3. It always seems so clear after you put it like that.

Here is the last one I am struggling with, if you have the patience.

Let G be a finite group {g1,g2,...,gn} and assume R is a commutative ring. If r is any element of the augmentation ideal of RG then r(g1+g2+...+gn)=0.

The hint is to use the fact that the augmentation ideal in group rings is generated by {g-1|g in G}.

I tried to look at the augmentation map directly, but i can't figure out a general case regarding any element of the augmentation ideal. It doesn't help that my notion of the group ring is weak... but that is slowly improving.

thanks again

4. Originally Posted by robeuler
It always seems so clear after you put it like that.

Here is the last one I am struggling with, if you have the patience.

Let G be a finite group {g1,g2,...,gn} and assume R is a commutative ring. If r is any element of the augmentation ideal of RG then r(g1+g2+...+gn)=0.

The hint is to use the fact that the augmentation ideal in group rings is generated by {g-1|g in G}.

I tried to look at the augmentation map directly, but i can't figure out a general case regarding any element of the augmentation ideal.
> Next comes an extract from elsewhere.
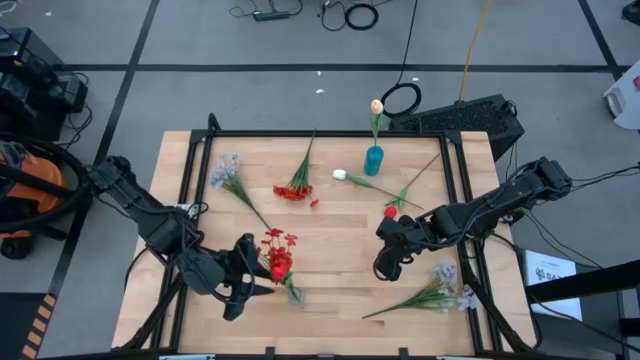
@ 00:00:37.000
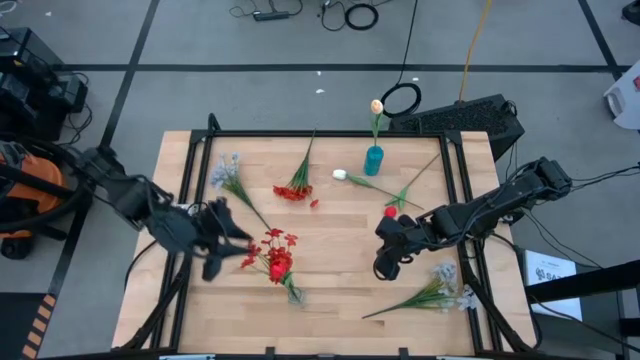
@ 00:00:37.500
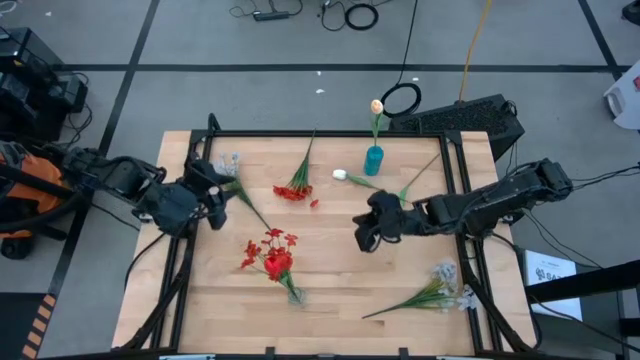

It doesn't help that my notion of the group ring is weak... but that is slowly improving.

thanks again
this is a nice, although quite easy, problem! first we need a simple lemma:

Lemma: let $\displaystyle G=\{g_1, \cdots , g_n \}$ be a group, R a commutative ring, and $\displaystyle r=\sum_{i=1}^nr_ig_i \in RG.$ suppose that $\displaystyle \sum_{i=1}^n r_i = 0.$ then $\displaystyle r\sum_{i=1}^n g_i=0.$

Proof: clearly for any $\displaystyle 1 \leq k \leq n$ we have: $\displaystyle G=\{g_1, \cdots , g_n \}=\{g_kg_1, \cdots , g_kg_n \}.$ thus: $\displaystyle r\sum_{i=1}^n g_i=(\sum_{i=1}^n r_ig_i)(\sum_{i=1}^n g_i)=\sum_{k=1}^n r_k\sum_{i=1}^n g_kg_i=\sum_{i=1}^n(\sum_{k=1}^nr_k)g_i = 0. \ \ \Box$

now let $\displaystyle g_1=1_G$ and $\displaystyle r \in RG$ be in the augmentation ideal. then $\displaystyle r=\sum_{i=2}^nr_i(g_i - 1)=(-r_2-r_3 - \cdots - r_n)g_1 + r_2g_2 + \cdots r_ng_n.$ thus $\displaystyle r\sum_{i=1}^n g_i=0,$ by the Lemma. Q.E.D.

5. Thanks again!

I should have mentioned, I actually proved the lemma in part a of the exercise.

And it is a nice problem I agree. Dummit and Foote has a very nice collection of problems and examples.